◆ Your goal
Set the records down again, exactly, without their images.

◆ Given records
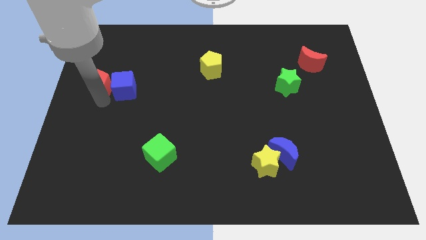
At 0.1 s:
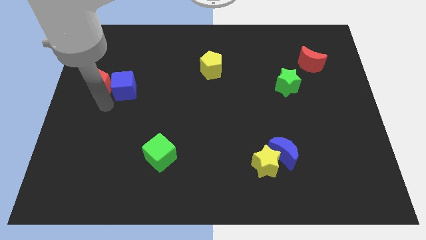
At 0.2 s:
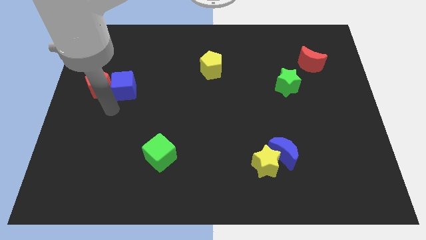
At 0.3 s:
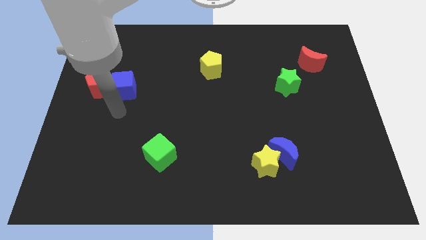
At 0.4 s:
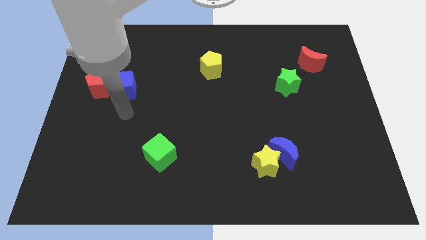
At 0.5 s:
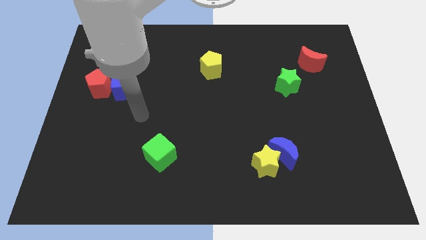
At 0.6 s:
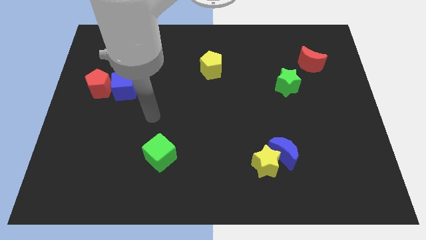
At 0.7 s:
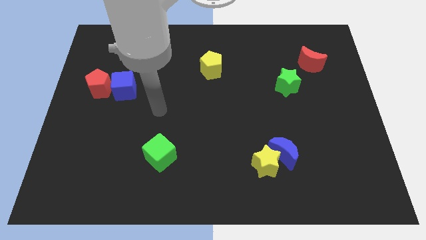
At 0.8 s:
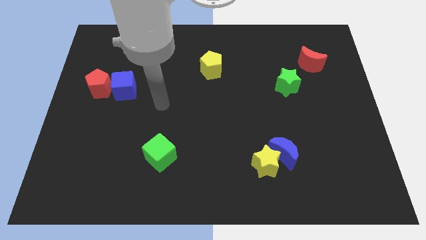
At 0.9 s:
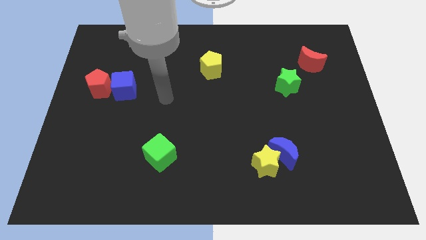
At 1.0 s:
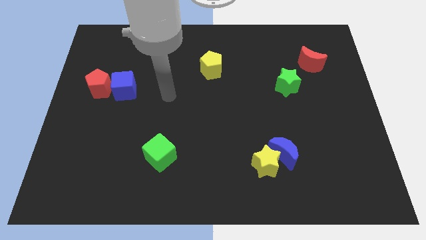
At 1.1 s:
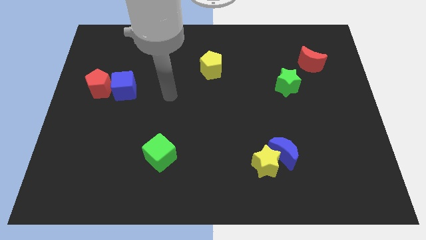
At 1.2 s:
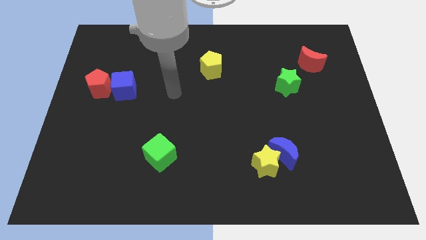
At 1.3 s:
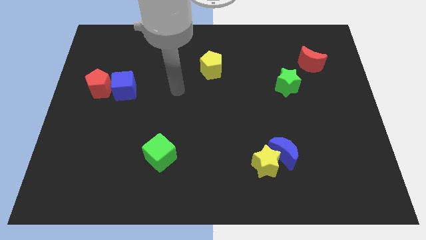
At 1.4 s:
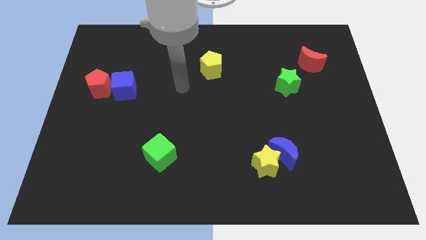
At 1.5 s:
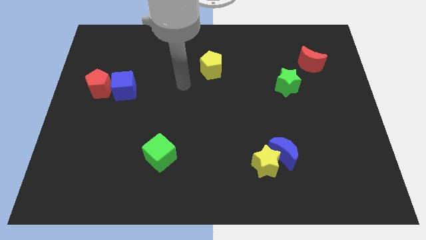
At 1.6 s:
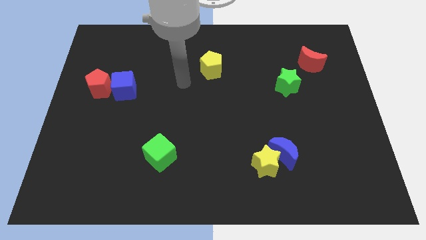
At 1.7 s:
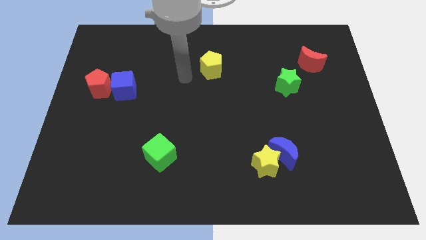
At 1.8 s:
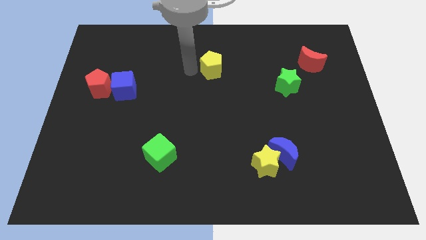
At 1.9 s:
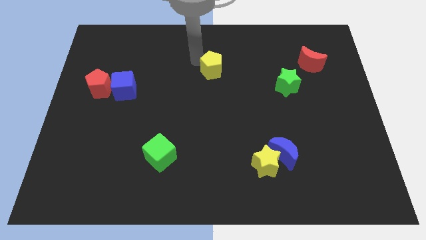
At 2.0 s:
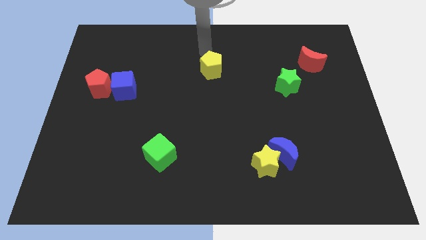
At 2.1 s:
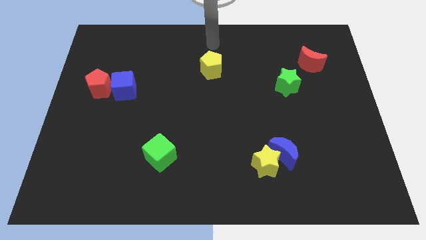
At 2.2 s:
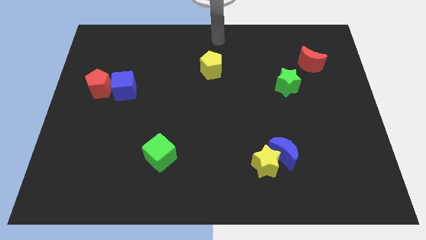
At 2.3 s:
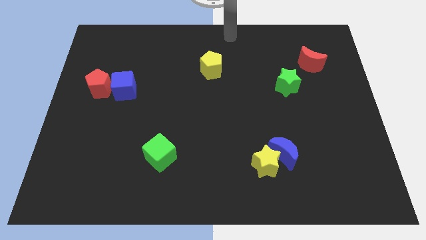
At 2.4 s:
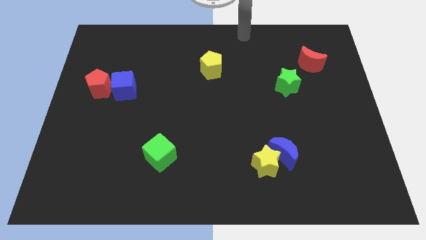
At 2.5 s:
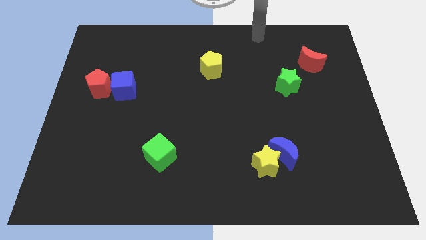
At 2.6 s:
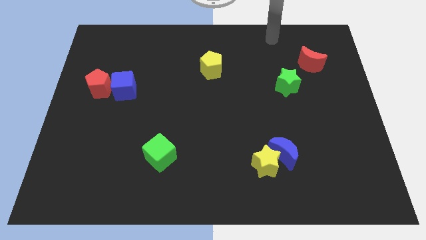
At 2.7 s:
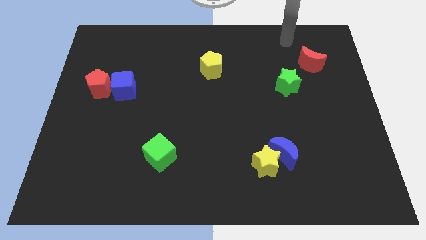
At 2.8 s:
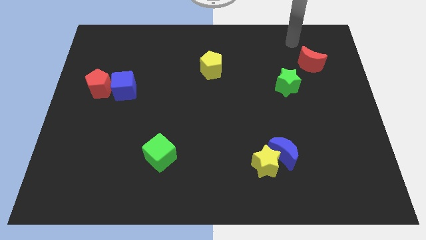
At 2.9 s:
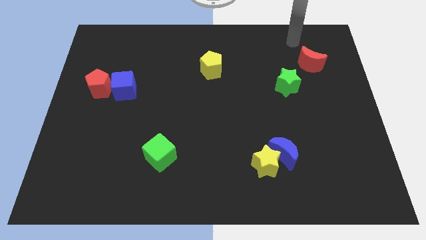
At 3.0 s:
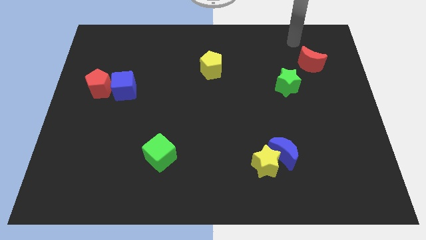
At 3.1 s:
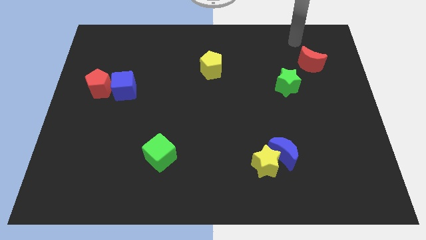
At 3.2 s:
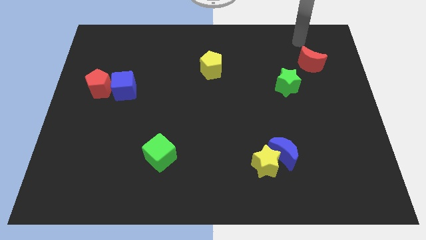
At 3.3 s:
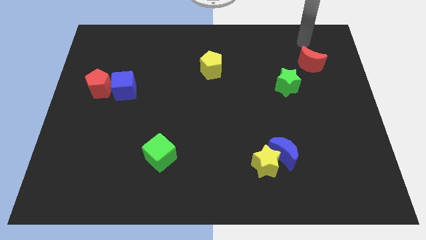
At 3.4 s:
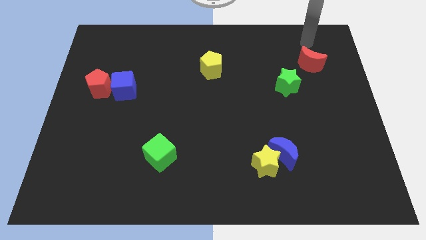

◆ Task result
At 0.1 s:
At 0.2 s:
At 0.3 s:
At 0.4 s:
At 0.5 s:
At 0.6 s:
At 0.7 s:
At 0.8 s:
At 0.9 s:
At 1.0 s:
At 1.1 s:
At 1.2 s:
At 1.3 s:
At 1.4 s:
At 1.5 s:
At 1.6 s:
At 1.7 s:
At 1.8 s:
At 1.9 s:
At 2.0 s:
At 2.1 s:
At 2.2 s:
At 2.3 s:
At 2.4 s:
At 2.5 s:
At 2.6 s:
At 2.7 s:
At 2.8 s:
At 2.9 s:
At 3.0 s:
At 3.1 s:
At 3.2 s:
At 3.3 s:
At 3.4 s:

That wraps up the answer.